The time is no doubt coming when a languid and aesthetic collector will exhibit, as treasures dating from the true time of art’s supremacy, the furniture and costume of the Early Victorian Era. He will boast of possessing a real case of wax flowers under glass, an authentic sampler, and a real lustre chandelier from a real Brighton landlady. But that time is not yet. For the present we are doomed to misunderstand the time which produced us. We can comprehend the most immoral outbursts of ancient Israel; but our immediate progenitors are strangers to us. We worship our remotest ancestor, but we teach our grandmother.
I have dwelt upon this particular aspect of the matter because it is supremely necessary to understand it if we wish properly to understand Victor Hugo. He represented two great revolutions, the first artistic and the second political. The artistic revolution was that connected with the word romanticism: the political revolution was that connected with the word democracy. And the great difficulty involved in properly appreciating him lies in this, that both romanticism and democracy have conquered and therefore become commonplace. They have been so triumphant as to become invisible; just as existence itself is triumphant and invisible. And like existence itself they have become truisms: and while it is fatally easy to turn a truth into a truism, it is fatally difficult to turn a truism back into a truth. We may sympathise with a dead faith, but it is difficult to sympathise with an apparently dead scepticism. In history even a molehill is more expressive than an extinct volcano. Those who may be called, with all respect, the eternal tootlers of the ages, Horace and Catullus and Villon and Tom Moore, are always sure of sympathy. But those who have blown the trumpet to a veritable charge, like Luther and Victor Hugo, are doomed to exhibit themselves to history as making a gigantic fuss about nothing. The great achievements of Hugo are sufficiently obvious even if we consider only his novels, which are probably the most popular, though certainly not the most important of his works. Every one of his great novels was in itself a small French Revolution. In Notre Dame de Paris he revealed to the modern world all the beauties and terrors of the old medieval order, and showed how pitilessly the individual was sacrificed to such an order. In Les Misérables he showed, with a far more sensational illumination, how our own modern order of law and judgment and criminal procedure was, as far as the sacrifice of individuals was concerned, as cruel as any medieval order. In Ninety-Three he showed that such a sacrifice of individuals became necessary, and in a strange, bitter manner, attractive, even in the modern age. In all his works alike there are two common characteristics. The first is a tendency to what is called sensationalism; the second is a tendency to what is called democracy. It is necessary to realise his feeling upon both these points before we do anything like justice to him.

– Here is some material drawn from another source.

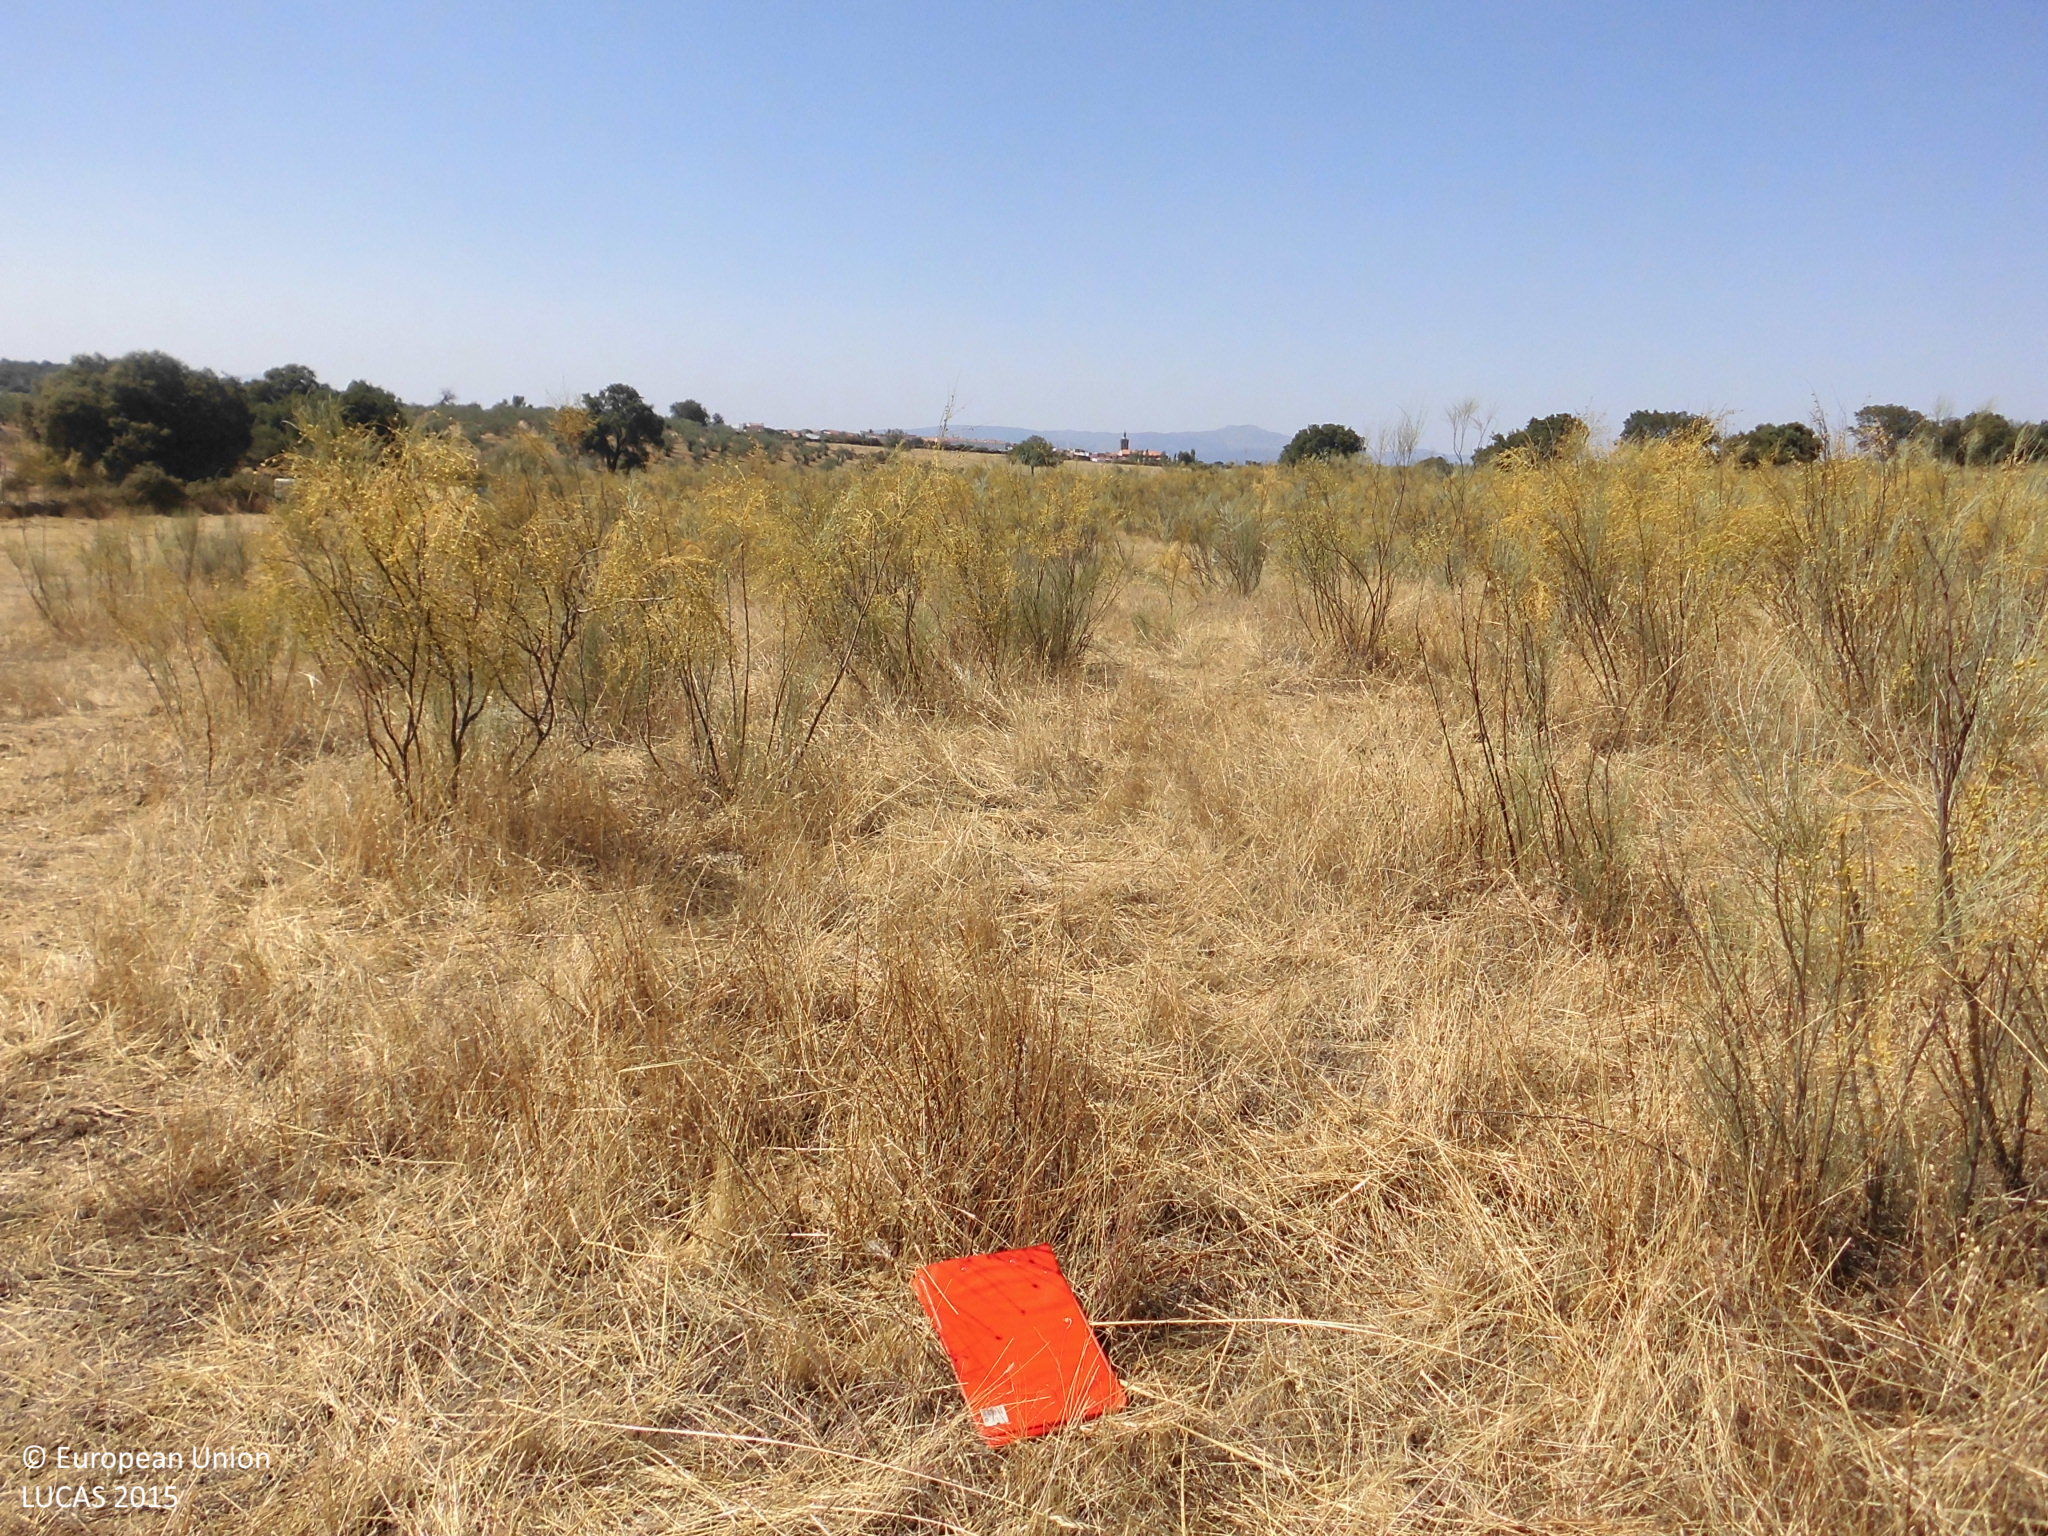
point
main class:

It is the custom among certain literary men of this era to sneer at the novels of Hugo, chiefly on the ground that they are sensational; as if all art were not sensationalism and the whole artistic temperament best definable as the temperament which is sensational or receptive of sensations. But the novels of Victor Hugo have one very actual and direct claim upon the attention of everybody. They are, in one sense, the most interesting of all novels. The reason is that Hugo is typically a mystic, a man who finds a meaning in everything. We all know what are the uninteresting, the inevitably uninteresting parts of fiction; we all know what parts of a novel to skip. We skip the long description of the country where the hero was born, with its flat sandy wastes, made ragged with fir trees and tumbling towards the West into low discoloured hills. We skip the long account of the heroine’s room, with its quaint old carved furniture and the portraits on the wale dim with age but gorgeous with ancient colour. We skip the account of the hero’s great-grandfather, who was so manly and honourable a lawyer in a country town.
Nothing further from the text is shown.